== Work request ==
Return the full listing character for character, without its pictures.

== Raw data ==
• • • • • • •
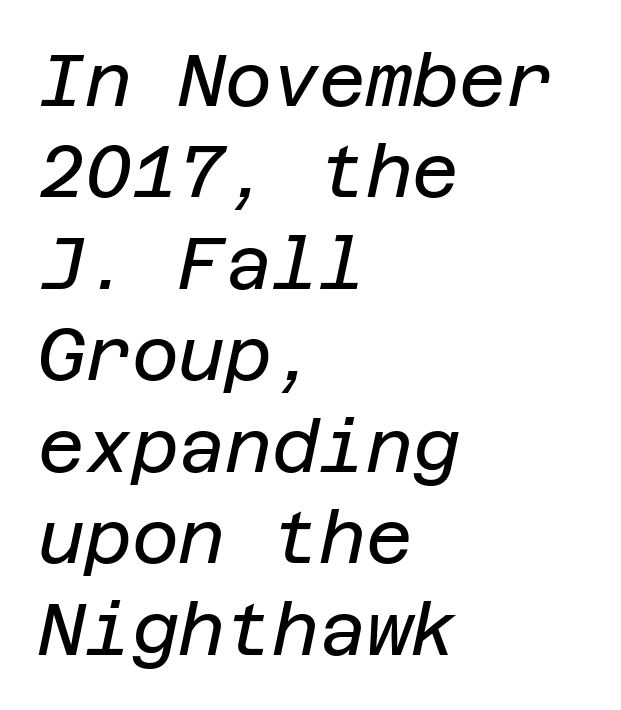
Q: Is the text bold? A: No.
Q: Is the text italic (slanted)? A: Yes, it leans right by about 12 degrees.
Q: Is the text underlined? A: No.
Q: How is the paragraph aligned? A: Left-aligned.
Q: Is the spacing between letters normal or unusually wide? A: Normal.
Q: Is the spacing between lines tight, normal or loose? A: Normal.
Q: Width (condensed, normal, or wide)? A: Normal.
Q: Stroke contrast? A: Low.
Q: x-height? A: Large.
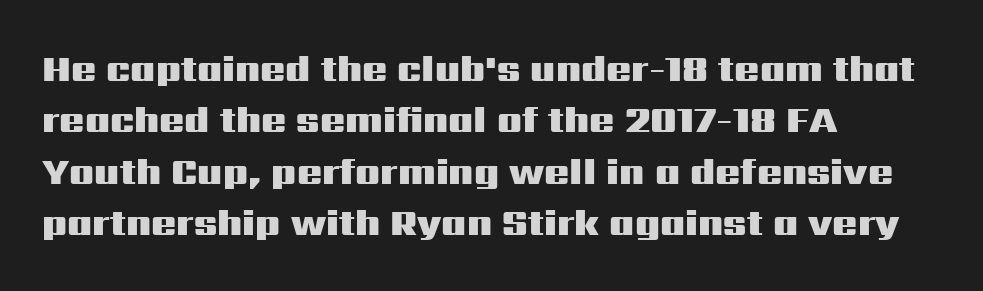
In terms of letterspacing, this is plain default setting. Is the block centered? No — it sits flush against the left margin. No word sits above an underline. The lines sit at an ordinary, default distance from one another. Each letter's strokes conclude bluntly, with no projecting serifs.
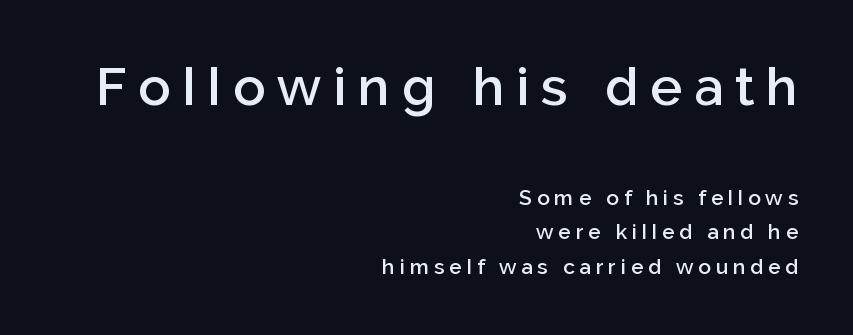
Look at the glyph heights: the upper group is clearly the bigger setting. Look at the stroke-to-counter ratio: somewhat heavy, a semibold. Nothing sits at the stroke ends, so this counts as sans-serif. Regarding leading, the lines here are spaced in the standard way. Someone cranked the tracking dial way up on this one. Think of a printed novel: that variable character pitch is what you see here.
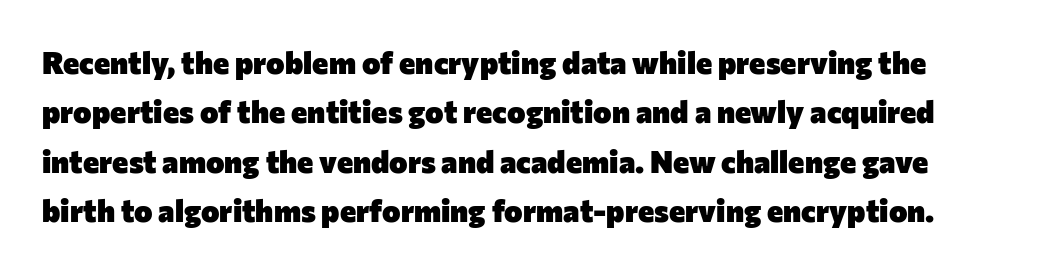
Q: Is the text bold? A: Yes.
Q: Is the text italic (slanted)? A: No, it is upright.
Q: Is the typeface a serif or a sans-serif typeface? A: Sans-serif.
Q: Is the text underlined? A: No.
Q: Is the spacing between letters normal or unusually wide? A: Normal.
Q: Is the spacing between lines tight, normal or loose? A: Normal.
Q: Width (condensed, normal, or wide)? A: Normal.
Q: Stroke contrast? A: Low.
Q: x-height? A: Medium.
Q: Monospaced? A: No.
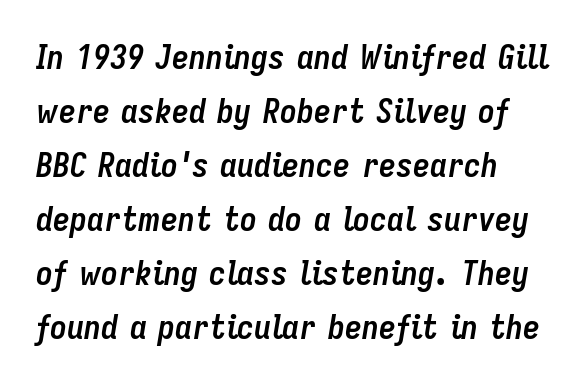
The image shows 34 px semibold, condensed type, italic (leaning right); set left-aligned, normal line spacing (1.59x), normal letter spacing, not underlined; low stroke contrast and a medium x-height.
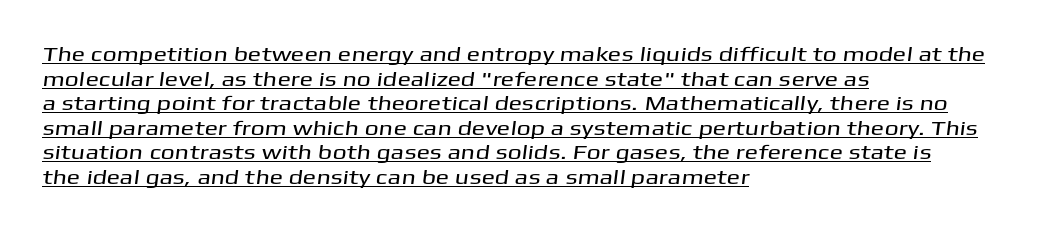
Compared with a centered layout, this one pins lines to the left instead. The gaps between neighbouring characters are ordinary and unremarkable. Beneath each row of characters lies a ruled line.
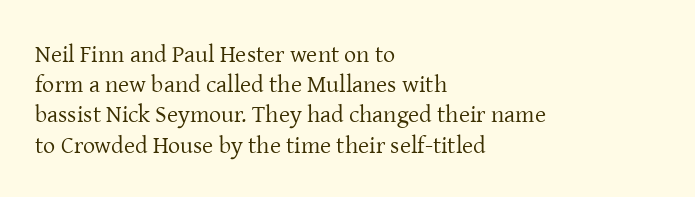
The weight would be labelled regular, book, light, or lighter still. Every stem runs plumb, perpendicular to the baseline. Descender tails drop into unmarked territory. One glance says typical: line gaps are just what's usual.
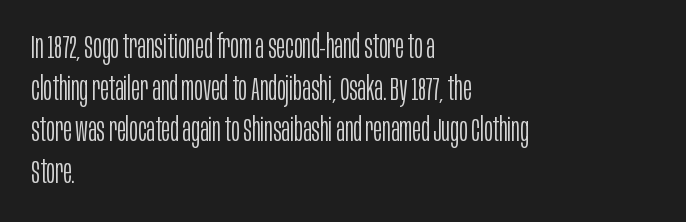
The passage shown is typeset with a sans-serif family. These lines keep a tight, regular rhythm from letter to letter. Regarding leading, the lines here are spaced in the standard way. The letters advance in unequal steps, a hallmark of proportional type.
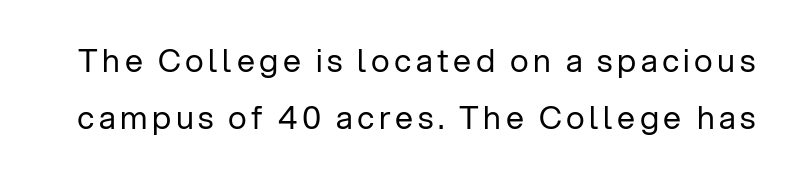
Q: Is the text bold? A: No.
Q: Is the text italic (slanted)? A: No, it is upright.
Q: Is the typeface a serif or a sans-serif typeface? A: Sans-serif.
Q: Is the text underlined? A: No.
Q: Width (condensed, normal, or wide)? A: Normal.
Q: Stroke contrast? A: Low.
Q: x-height? A: Medium.
Q: Monospaced? A: No.
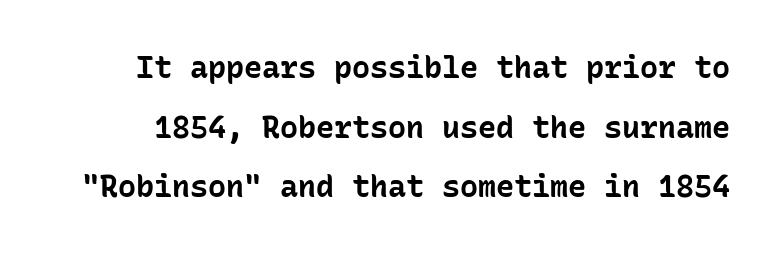
The leading is generous, giving the passage an open texture. The glyphs are unaccompanied by any horizontal stroke below them. Does extra space separate the letters? No, they use regular spacing. Does the lettering tilt? It doesn't — this is upright. The letters carry no serifs — their stems end cleanly without finishing strokes. Typographic density is high because the face is bold.
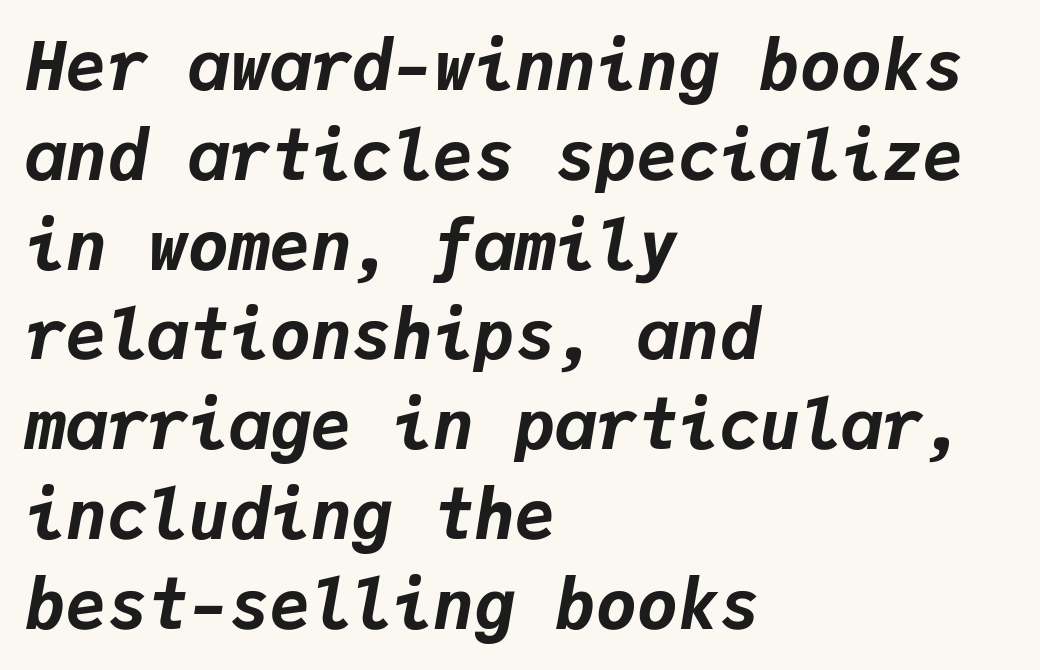
The image shows 68 px bold type, italic (leaning right), monospaced; set left-aligned, normal line spacing (1.32x), normal letter spacing, not underlined; low stroke contrast and a medium x-height.
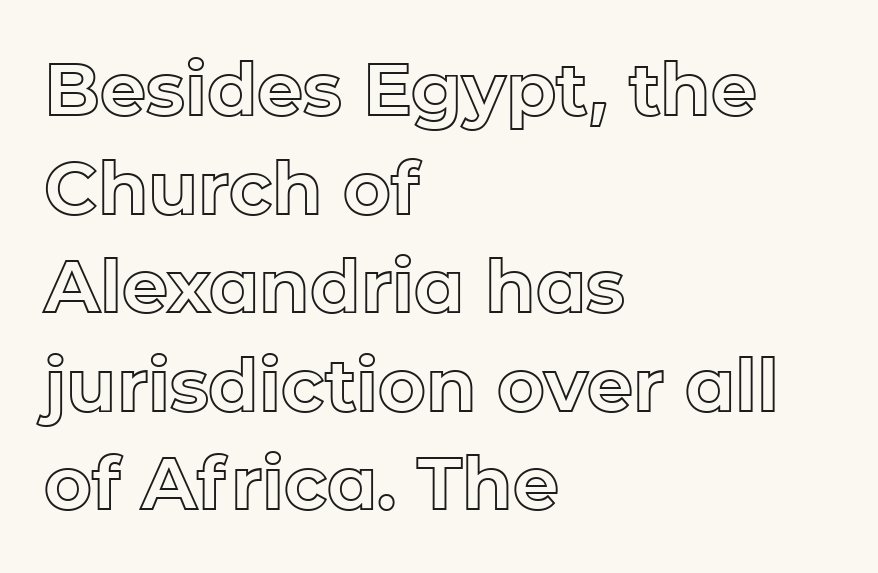
The type is set solid horizontally, with unmodified tracking. Compared with typical paragraphs, the rows here are spaced about the same. Vertical strokes here are truly vertical. Underline: absent. This sample has the flowing, uneven cadence of proportional lettering.
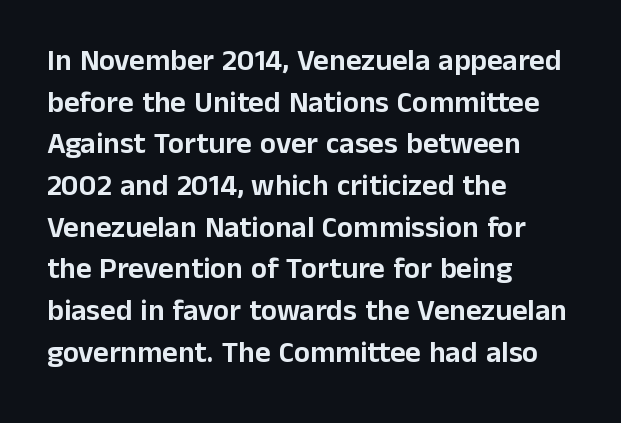
The image shows 30 px sans-serif type, upright; set left-aligned, normal line spacing (1.39x), normal letter spacing, not underlined; low stroke contrast and a medium x-height.
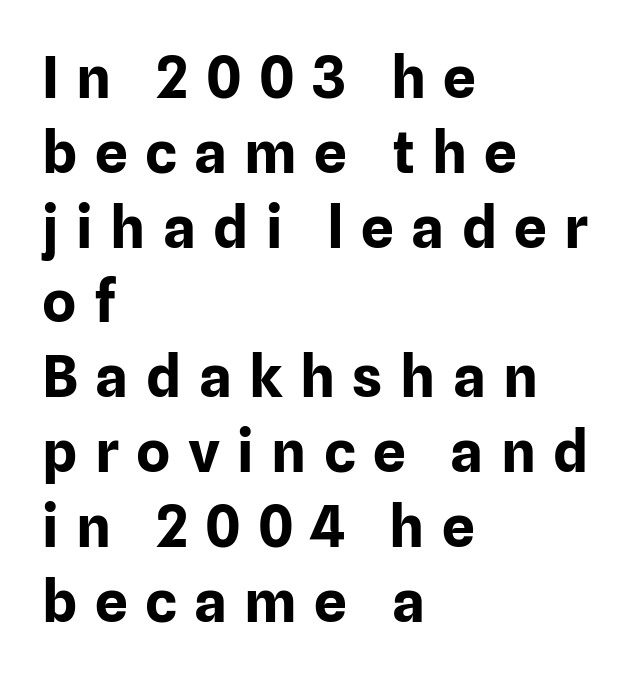
The image shows 58 px bold sans-serif type, upright; set left-aligned, normal line spacing (1.29x), unusually wide letter spacing (+0.3 em), not underlined; low stroke contrast and a medium x-height.
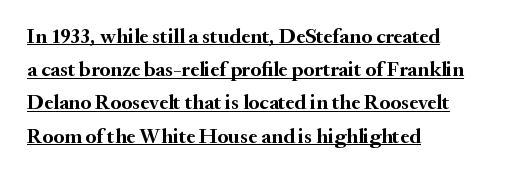
The image shows 21 px bold type, upright; set left-aligned, normal line spacing (1.58x), normal letter spacing, underlined.
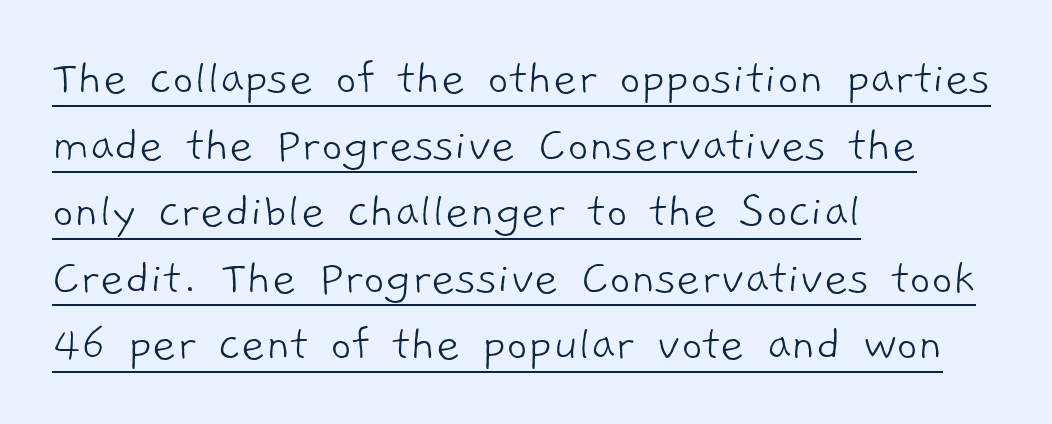
{"serif": "no", "bold": "no", "weight": "light", "width": "normal", "stroke_contrast": "low", "x_height": "medium", "monospaced": "no", "underline": "yes", "align": "left", "line_spacing": "normal", "line_spacing_ratio": 1.28, "letter_spacing": "normal", "letter_spacing_em": 0.0, "glyph_px": 52}
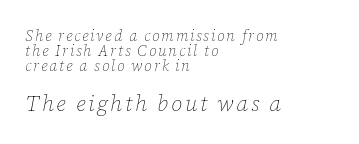
The image shows 22 px text type, italic (leaning right); set left-aligned, tight line spacing (1.0x), not underlined; the second (bottom) block is 1.47x larger.
• • • • • • •
== Exercise response ==
Q: Is the text bold? A: No.
Q: Is the text italic (slanted)? A: Yes, it leans right by about 12 degrees.
Q: Is the text underlined? A: No.
Q: How is the paragraph aligned? A: Left-aligned.
Q: Is the spacing between letters normal or unusually wide? A: Normal.
Q: Is the spacing between lines tight, normal or loose? A: Normal.
Q: Width (condensed, normal, or wide)? A: Normal.
Q: Stroke contrast? A: Low.
Q: x-height? A: Large.
In terms of letterspacing, this is plain default setting. Is the block centered? No — it sits flush against the left margin. No word sits above an underline. The lines sit at an ordinary, default distance from one another. Each letter's strokes conclude bluntly, with no projecting serifs.
Look at the glyph heights: the upper group is clearly the bigger setting. Look at the stroke-to-counter ratio: somewhat heavy, a semibold. Nothing sits at the stroke ends, so this counts as sans-serif. Regarding leading, the lines here are spaced in the standard way. Someone cranked the tracking dial way up on this one. Think of a printed novel: that variable character pitch is what you see here.
Q: Is the text bold? A: Yes.
Q: Is the text italic (slanted)? A: No, it is upright.
Q: Is the typeface a serif or a sans-serif typeface? A: Sans-serif.
Q: Is the text underlined? A: No.
Q: Is the spacing between letters normal or unusually wide? A: Normal.
Q: Is the spacing between lines tight, normal or loose? A: Normal.
Q: Width (condensed, normal, or wide)? A: Normal.
Q: Stroke contrast? A: Low.
Q: x-height? A: Medium.
Q: Monospaced? A: No.
The image shows 34 px semibold, condensed type, italic (leaning right); set left-aligned, normal line spacing (1.59x), normal letter spacing, not underlined; low stroke contrast and a medium x-height.
Compared with a centered layout, this one pins lines to the left instead. The gaps between neighbouring characters are ordinary and unremarkable. Beneath each row of characters lies a ruled line.
The weight would be labelled regular, book, light, or lighter still. Every stem runs plumb, perpendicular to the baseline. Descender tails drop into unmarked territory. One glance says typical: line gaps are just what's usual.
The passage shown is typeset with a sans-serif family. These lines keep a tight, regular rhythm from letter to letter. Regarding leading, the lines here are spaced in the standard way. The letters advance in unequal steps, a hallmark of proportional type.
Q: Is the text bold? A: No.
Q: Is the text italic (slanted)? A: No, it is upright.
Q: Is the typeface a serif or a sans-serif typeface? A: Sans-serif.
Q: Is the text underlined? A: No.
Q: Width (condensed, normal, or wide)? A: Normal.
Q: Stroke contrast? A: Low.
Q: x-height? A: Medium.
Q: Monospaced? A: No.
The leading is generous, giving the passage an open texture. The glyphs are unaccompanied by any horizontal stroke below them. Does extra space separate the letters? No, they use regular spacing. Does the lettering tilt? It doesn't — this is upright. The letters carry no serifs — their stems end cleanly without finishing strokes. Typographic density is high because the face is bold.
The image shows 68 px bold type, italic (leaning right), monospaced; set left-aligned, normal line spacing (1.32x), normal letter spacing, not underlined; low stroke contrast and a medium x-height.
The type is set solid horizontally, with unmodified tracking. Compared with typical paragraphs, the rows here are spaced about the same. Vertical strokes here are truly vertical. Underline: absent. This sample has the flowing, uneven cadence of proportional lettering.
The image shows 30 px sans-serif type, upright; set left-aligned, normal line spacing (1.39x), normal letter spacing, not underlined; low stroke contrast and a medium x-height.
The image shows 58 px bold sans-serif type, upright; set left-aligned, normal line spacing (1.29x), unusually wide letter spacing (+0.3 em), not underlined; low stroke contrast and a medium x-height.
The image shows 21 px bold type, upright; set left-aligned, normal line spacing (1.58x), normal letter spacing, underlined.
{"serif": "no", "bold": "no", "weight": "light", "width": "normal", "stroke_contrast": "low", "x_height": "medium", "monospaced": "no", "underline": "yes", "align": "left", "line_spacing": "normal", "line_spacing_ratio": 1.28, "letter_spacing": "normal", "letter_spacing_em": 0.0, "glyph_px": 52}
The image shows 22 px text type, italic (leaning right); set left-aligned, tight line spacing (1.0x), not underlined; the second (bottom) block is 1.47x larger.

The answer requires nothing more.